• Problem to work on
Search the data below, and report every line in which "rule" occurs.

• Entries supplied
________

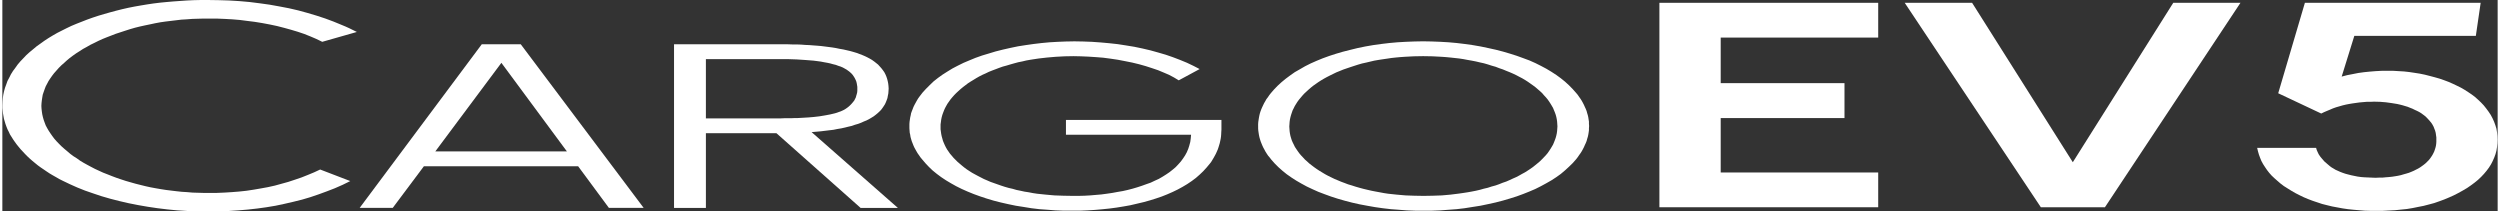 <?xml version="1.0" encoding="UTF-8"?>
<!DOCTYPE svg PUBLIC "-//W3C//DTD SVG 1.1//EN" "http://www.w3.org/Graphics/SVG/1.1/DTD/svg11.dtd">
<!-- Creator: CorelDRAW 2018 -->
<svg xmlns="http://www.w3.org/2000/svg" xml:space="preserve" width="1253px" height="106px" version="1.1" style="shape-rendering:geometricPrecision; text-rendering:geometricPrecision; image-rendering:optimizeQuality; fill-rule:evenodd; clip-rule:evenodd"
viewBox="0 0 125300 10620"
 xmlns:xlink="http://www.w3.org/1999/xlink">
 <rect x="0" y="0" width="125300" height="10620" fill="#333333" stroke="none"/>
 <defs>
  <style type="text/css">
   <![CDATA[
    .fil0 {fill:white;fill-rule:nonzero}
   ]]>
  </style>
 </defs>
 <g id="Layer_x0020_1">
  <g id="_713792824">
   <polygon class="fil0" points="0,5286 8,5105 24,4925 48,4755 85,4582 133,4409 197,4236 258,4064 346,3899 431,3729 534,3564 651,3407 768,3242 901,3085 1050,2929 1199,2772 1363,2623 1544,2474 1722,2325 1919,2185 2115,2044 2318,1911 2538,1778 2756,1653 2993,1533 3226,1416 3468,1300 3729,1191 3987,1090 4252,986 4534,885 4816,792 5113,704 5411,619 5709,539 6014,462 6328,391 6641,329 6955,274 7274,221 7596,173 7925,133 8255,101 8592,72 8927,48 9273,24 9618,8 9969,0 10322,0 10854,8 11380,24 11904,56 12414,101 12921,165 13416,234 13907,322 14394,415 14864,524 15327,651 15773,784 16204,925 16626,1082 17025,1246 17230,1331 17418,1416 17612,1512 17801,1605 16063,2100 15773,1959 15475,1831 15162,1706 14840,1597 14503,1496 14160,1401 13798,1308 13432,1230 13054,1159 12680,1098 12294,1050 11920,1002 11537,970 11152,949 10761,933 10368,933 10094,933 9812,941 9538,949 9265,970 8991,986 8725,1018 8457,1050 8191,1082 7933,1119 7675,1167 7418,1222 7157,1276 6907,1331 6657,1393 6413,1464 6163,1544 5929,1621 5693,1698 5467,1786 5246,1871 5028,1959 4824,2052 4622,2153 4425,2248 4236,2357 4050,2458 3878,2570 3705,2679 3540,2796 3383,2913 3234,3038 3094,3165 2953,3290 2828,3415 2711,3548 2599,3673 2498,3806 2405,3939 2318,4071 2248,4204 2177,4337 2124,4478 2076,4614 2028,4755 2004,4895 1983,5036 1967,5177 1959,5318 1967,5459 1983,5600 2004,5741 2036,5881 2076,6022 2124,6155 2177,6296 2248,6429 2325,6562 2413,6695 2506,6828 2607,6963 2716,7088 2844,7221 2969,7346 3110,7471 3258,7595 3407,7723 3564,7840 3737,7949 3899,8066 4080,8175 4268,8279 4457,8380 4651,8481 4856,8576 5060,8669 5278,8754 5499,8842 5725,8927 5961,9007 6195,9084 6445,9156 6689,9225 6939,9288 7189,9350 7439,9405 7699,9453 7957,9498 8215,9538 8473,9570 8741,9602 9007,9631 9273,9647 9546,9671 9820,9679 10094,9687 10368,9687 10761,9687 11144,9671 11529,9647 11896,9618 12265,9578 12632,9522 12985,9461 13336,9397 13682,9320 14027,9225 14362,9132 14692,9023 15021,8911 15335,8786 15656,8653 15959,8512 17471,9092 17089,9280 16695,9453 16289,9610 15882,9759 15468,9900 15045,10025 14606,10134 14168,10235 13721,10330 13259,10407 12797,10471 12318,10524 11840,10564 11348,10596 10854,10612 10346,10620 9820,10612 9312,10596 8794,10564 8295,10516 7792,10455 7306,10383 6814,10298 6336,10203 5865,10094 5411,9977 4980,9852 4558,9711 4151,9570 3758,9413 3391,9249 3030,9076 2860,8991 2695,8895 2530,8802 2373,8709 2216,8605 2068,8504 1919,8403 1778,8300 1645,8191 1512,8082 1387,7973 1262,7856 1143,7736 1034,7619 925,7503 821,7378 720,7253 627,7125 540,7000 462,6875 383,6750 322,6618 258,6493 205,6360 157,6227 117,6091 80,5966 56,5833 32,5693 16,5560 0,5427 "/>
   <path class="fil0" d="M17942 10439l6131 -8215 1959 0 6171 8215 -1746 0 -1545 -2091 -7744 0 -1565 2091 -1661 0 0 0zm3798 -2835l6609 0 -3290 -4449 -3319 4449z"/>
   <path class="fil0" d="M33728 10439l0 -8215 5241 0 242 0 236 0 226 8 221 0 218 8 205 16 201 8 205 16 189 14 194 16 189 24 188 24 186 24 189 31 181 38 188 32 171 39 172 40 165 46 157 47 149 56 141 53 132 56 125 61 120 64 109 64 109 77 101 80 96 77 85 93 79 88 78 101 71 101 54 103 47 109 40 117 30 117 24 120 15 125 8 133 -8 125 -8 117 -24 116 -21 117 -40 112 -40 101 -47 101 -62 96 -63 93 -70 93 -87 87 -85 78 -96 79 -101 77 -117 72 -117 69 -125 64 -133 53 -140 64 -149 56 -157 45 -157 56 -173 40 -180 45 -181 40 -194 32 -197 40 -204 24 -439 53 -454 40 4332 3806 -1871 0 -4229 -3753 -3540 0 0 3753 -1600 0 0 -2zm1600 -4494l3561 0 189 0 181 -8 180 0 165 0 162 -8 149 0 149 -8 141 -8 274 -16 276 -24 274 -32 273 -45 258 -48 237 -56 109 -32 101 -37 93 -32 88 -40 77 -37 79 -48 69 -48 72 -55 61 -54 64 -63 56 -61 53 -64 56 -69 40 -80 37 -69 24 -88 24 -77 24 -96 8 -85 0 -93 0 -103 -16 -101 -16 -93 -24 -88 -37 -85 -40 -80 -48 -77 -55 -80 -62 -69 -71 -64 -78 -61 -87 -64 -93 -53 -101 -56 -109 -47 -120 -38 -125 -47 -133 -32 -141 -40 -149 -32 -164 -29 -165 -32 -178 -24 -189 -24 -406 -32 -439 -29 -478 -16 -519 0 -3561 0 0 2976 0 1z"/>
   <polygon class="fil0" points="45547,6336 45547,6227 45555,6115 45571,6006 45587,5897 45611,5796 45632,5685 45672,5576 45712,5475 45751,5371 45805,5262 45860,5161 45916,5060 45977,4956 46049,4855 46126,4755 46206,4651 46376,4465 46565,4276 46761,4087 46979,3915 47208,3750 47450,3596 47707,3439 47976,3298 48266,3155 48563,3030 48866,2905 49196,2788 49533,2687 49876,2583 50245,2490 50620,2405 51006,2325 51396,2264 51790,2208 52188,2161 52595,2123 53001,2100 53408,2084 53833,2076 54272,2084 54710,2100 55149,2131 55571,2169 56002,2216 56417,2280 56839,2349 57246,2434 57655,2530 58046,2639 58420,2748 58782,2873 59135,3008 59478,3149 59808,3306 60121,3468 59072,4034 58838,3893 58585,3758 58311,3641 58030,3524 57732,3423 57410,3319 57081,3226 56730,3141 56369,3069 56010,3000 55641,2945 55274,2897 54904,2868 54538,2844 54160,2828 53793,2820 53339,2828 52892,2852 52462,2889 52039,2937 51827,2969 51625,3000 51412,3038 51215,3085 51014,3125 50817,3178 50620,3234 50434,3290 50238,3343 50057,3407 49876,3476 49706,3540 49533,3609 49368,3689 49212,3758 49055,3838 48906,3923 48765,4010 48624,4095 48491,4180 48366,4276 48242,4369 48117,4473 48005,4574 47896,4675 47795,4778 47699,4887 47614,4988 47537,5097 47458,5209 47396,5318 47333,5435 47285,5544 47240,5661 47200,5772 47168,5889 47144,6006 47128,6131 47112,6248 47112,6376 47112,6493 47128,6609 47144,6726 47168,6843 47200,6955 47232,7072 47277,7181 47325,7290 47380,7401 47442,7510 47513,7611 47590,7723 47678,7824 47763,7925 47864,8026 47968,8130 48077,8223 48186,8316 48303,8411 48428,8504 48563,8592 48696,8677 48837,8754 48986,8834 49135,8911 49291,8991 49453,9060 49618,9132 49791,9193 49972,9257 50152,9320 50338,9381 50535,9437 50732,9482 50926,9538 51122,9578 51327,9623 51537,9655 51742,9695 51952,9727 52382,9772 52829,9812 53283,9828 53746,9836 54043,9836 54341,9828 54623,9812 54904,9788 55186,9764 55462,9727 55736,9687 55994,9639 56260,9594 56509,9538 56754,9474 56988,9405 57224,9328 57442,9249 57663,9172 57865,9076 58070,8983 58258,8874 58436,8762 58609,8645 58766,8520 58915,8395 59048,8255 59180,8106 59289,7957 59393,7800 59478,7643 59550,7471 59603,7306 59651,7125 59675,6947 59691,6766 53408,6766 53408,6022 61216,6022 61216,6509 61208,6625 61203,6742 61195,6851 61179,6963 61155,7080 61131,7189 61099,7298 61067,7401 61030,7510 60982,7619 60935,7723 60881,7824 60825,7925 60764,8026 60701,8130 60629,8223 60472,8411 60302,8597 60121,8770 59933,8935 59723,9092 59502,9241 59268,9381 59024,9514 58766,9639 58492,9759 58218,9868 57921,9969 57623,10062 57309,10149 56980,10227 56642,10306 56300,10367 55954,10423 55595,10471 55234,10508 54867,10540 54490,10564 54115,10580 53722,10580 53307,10580 52884,10564 52478,10532 52071,10503 51670,10455 51279,10391 50889,10330 50503,10250 50129,10165 49767,10072 49424,9969 49095,9860 48773,9743 48467,9618 48178,9490 47896,9350 47630,9201 47380,9052 47144,8895 46926,8733 46713,8560 46525,8380 46347,8191 46182,7997 46102,7901 46033,7800 45961,7699 45900,7595 45844,7495 45789,7394 45743,7290 45704,7189 45664,7088 45632,6979 45603,6875 45587,6766 45563,6665 45555,6554 45547,6445 "/>
   <path class="fil0" d="M63058 6344l0 -109 8 -112 16 -109 16 -101 21 -111 24 -101 32 -101 40 -109 45 -104 48 -101 48 -101 61 -104 56 -101 72 -93 69 -103 79 -101 163 -189 180 -186 197 -181 210 -173 220 -164 234 -165 261 -149 258 -149 281 -141 298 -132 305 -125 322 -117 335 -109 353 -104 367 -93 378 -93 390 -80 399 -69 401 -56 407 -48 414 -37 423 -24 423 -16 433 -8 430 8 423 16 415 24 414 37 399 48 401 56 399 69 383 80 385 85 359 93 353 104 343 109 322 117 313 116 298 133 281 141 266 141 261 157 241 157 226 165 213 172 197 181 186 189 172 194 80 95 69 101 72 101 61 96 56 101 56 109 45 101 48 104 40 101 29 109 32 103 24 109 16 109 16 101 0 112 8 109 -8 109 0 109 -16 112 -16 101 -24 109 -32 103 -29 109 -40 101 -48 101 -45 104 -56 109 -56 101 -61 96 -72 100 -69 101 -80 104 -172 194 -186 181 -197 181 -213 180 -226 162 -241 157 -261 149 -274 149 -281 141 -298 127 -313 125 -319 117 -346 109 -353 104 -359 93 -385 85 -383 80 -391 61 -401 64 -399 47 -406 30 -415 32 -417 16 -423 0 -422 0 -415 -16 -407 -32 -406 -30 -401 -47 -391 -56 -391 -69 -385 -72 -375 -85 -369 -96 -351 -101 -338 -109 -321 -117 -314 -119 -297 -133 -282 -133 -274 -149 -258 -149 -244 -157 -234 -164 -210 -170 -204 -181 -189 -189 -173 -196 -77 -101 -80 -93 -69 -104 -64 -101 -53 -101 -56 -101 -48 -104 -45 -109 -40 -101 -32 -103 -31 -109 -22 -109 -16 -101 -16 -112 -8 -109 0 -109 0 0zm1565 8l8 117 8 117 16 116 24 120 32 109 37 117 48 109 56 112 53 109 72 109 69 101 80 111 85 101 96 101 100 109 109 96 109 101 120 93 125 95 133 94 133 87 141 85 141 85 148 80 157 77 165 80 165 69 170 72 173 64 180 69 189 56 189 61 194 56 196 53 202 48 205 47 205 40 202 37 212 40 210 32 431 46 449 39 444 16 462 8 463 -8 454 -16 439 -39 430 -54 221 -32 202 -31 212 -38 205 -40 202 -47 197 -56 194 -45 196 -64 197 -53 181 -64 178 -72 180 -61 165 -72 165 -77 165 -72 148 -77 149 -85 149 -80 133 -85 133 -87 133 -94 116 -93 117 -95 120 -101 101 -101 101 -104 96 -101 85 -101 77 -111 72 -109 61 -101 64 -109 47 -112 46 -117 39 -109 32 -117 24 -111 16 -117 8 -117 8 -117 -8 -117 -8 -120 -16 -117 -24 -117 -32 -117 -39 -109 -46 -111 -47 -117 -64 -109 -61 -101 -72 -112 -77 -109 -85 -101 -96 -103 -93 -109 -109 -101 -112 -96 -117 -101 -125 -93 -125 -88 -132 -93 -133 -85 -149 -88 -149 -77 -149 -79 -164 -78 -165 -71 -173 -69 -173 -72 -180 -61 -186 -72 -189 -53 -197 -64 -194 -56 -204 -45 -202 -48 -205 -40 -213 -37 -210 -40 -212 -32 -218 -24 -221 -24 -218 -21 -228 -16 -455 -24 -467 -8 -471 8 -454 24 -229 16 -226 21 -220 24 -210 32 -221 32 -210 32 -212 37 -205 48 -202 48 -205 45 -194 56 -196 63 -189 62 -186 63 -181 62 -173 71 -172 69 -165 80 -157 77 -157 80 -141 77 -148 88 -133 85 -133 93 -125 88 -117 93 -117 101 -112 103 -109 101 -93 101 -87 104 -85 101 -80 109 -69 109 -64 104 -53 109 -56 109 -40 117 -37 111 -32 117 -24 109 -16 117 -8 120 -8 117 0 0z"/>
   <polygon class="fil0" points="83208,10407 83208,141 94195,141 94195,1887 86286,1887 86286,4175 92502,4175 92502,5929 86286,5929 86286,8661 94195,8661 94195,10407 "/>
   <polygon class="fil0" points="95526,141 98910,141 103967,8146 109011,141 112386,141 105580,10407 102362,10407 "/>
   <polygon class="fil0" points="113224,7425 116184,7425 116216,7534 116264,7643 116317,7752 116397,7869 116490,7981 116599,8106 116734,8223 116881,8348 116968,8411 117061,8465 117165,8528 117274,8576 117391,8629 117516,8677 117657,8725 117797,8762 117954,8802 118111,8834 118268,8866 118441,8890 118613,8903 118791,8911 118972,8919 119169,8927 119341,8919 119514,8919 119676,8903 119841,8890 119998,8874 120155,8850 120296,8826 120444,8794 120577,8754 120710,8717 120843,8677 120963,8629 121088,8576 121197,8520 121306,8465 121409,8403 121510,8332 121603,8263 121691,8191 121768,8114 121840,8042 121909,7957 121965,7877 122020,7792 122066,7707 122113,7611 122145,7518 122175,7425 122199,7330 122214,7229 122222,7125 122222,7016 122222,6899 122206,6790 122190,6673 122161,6562 122121,6461 122082,6360 122026,6256 121965,6163 121893,6078 121816,5990 121736,5905 121651,5826 121558,5756 121462,5685 121361,5623 121252,5568 121135,5515 121024,5459 120899,5411 120782,5363 120657,5326 120524,5286 120399,5254 120258,5222 119982,5177 119692,5137 119403,5113 119097,5105 118903,5113 118722,5113 118534,5129 118353,5145 118183,5169 118010,5193 117837,5222 117672,5254 117508,5294 117343,5342 117186,5387 117029,5443 116881,5507 116734,5568 116583,5632 116442,5701 114281,4683 115621,141 124447,141 124205,1802 118103,1802 117468,3846 117744,3774 118018,3721 118300,3665 118589,3625 118879,3596 119177,3572 119482,3556 119788,3556 120062,3556 120327,3572 120601,3588 120859,3617 121127,3657 121385,3697 121643,3750 121893,3814 122137,3878 122379,3947 122608,4026 122834,4111 123046,4204 123248,4300 123453,4401 123642,4510 123828,4630 124000,4746 124165,4871 124314,5004 124463,5145 124604,5294 124729,5451 124845,5608 124954,5772 125042,5937 125119,6107 125183,6280 125239,6461 125268,6641 125292,6822 125300,7008 125292,7197 125268,7386 125239,7566 125191,7744 125127,7917 125050,8090 124965,8255 124861,8419 124744,8576 124612,8733 124471,8882 124314,9031 124141,9172 123952,9312 123758,9445 123546,9570 123320,9695 123091,9812 122858,9916 122616,10017 122363,10110 122113,10197 121856,10266 121579,10338 121306,10391 121032,10447 120742,10495 120452,10524 120147,10556 119841,10572 119528,10588 119217,10588 118911,10588 118621,10580 118332,10556 118058,10532 117782,10503 117508,10463 117250,10415 116992,10367 116740,10306 116490,10243 116256,10165 116019,10086 115794,10001 115565,9905 115355,9804 115142,9695 114940,9578 114752,9461 114563,9342 114398,9217 114244,9084 114093,8951 113952,8818 113827,8677 113718,8536 113617,8387 113521,8239 113436,8082 113372,7925 113311,7760 113264,7595 "/>
  </g>
 </g>
</svg>

________

• Output for this exercise
<svg xmlns="http://www.w3.org/2000/svg" xml:space="preserve" width="1253px" height="106px" version="1.1" style="shape-rendering:geometricPrecision; text-rendering:geometricPrecision; image-rendering:optimizeQuality; fill-rule:evenodd; clip-rule:evenodd"
    .fil0 {fill:white;fill-rule:nonzero}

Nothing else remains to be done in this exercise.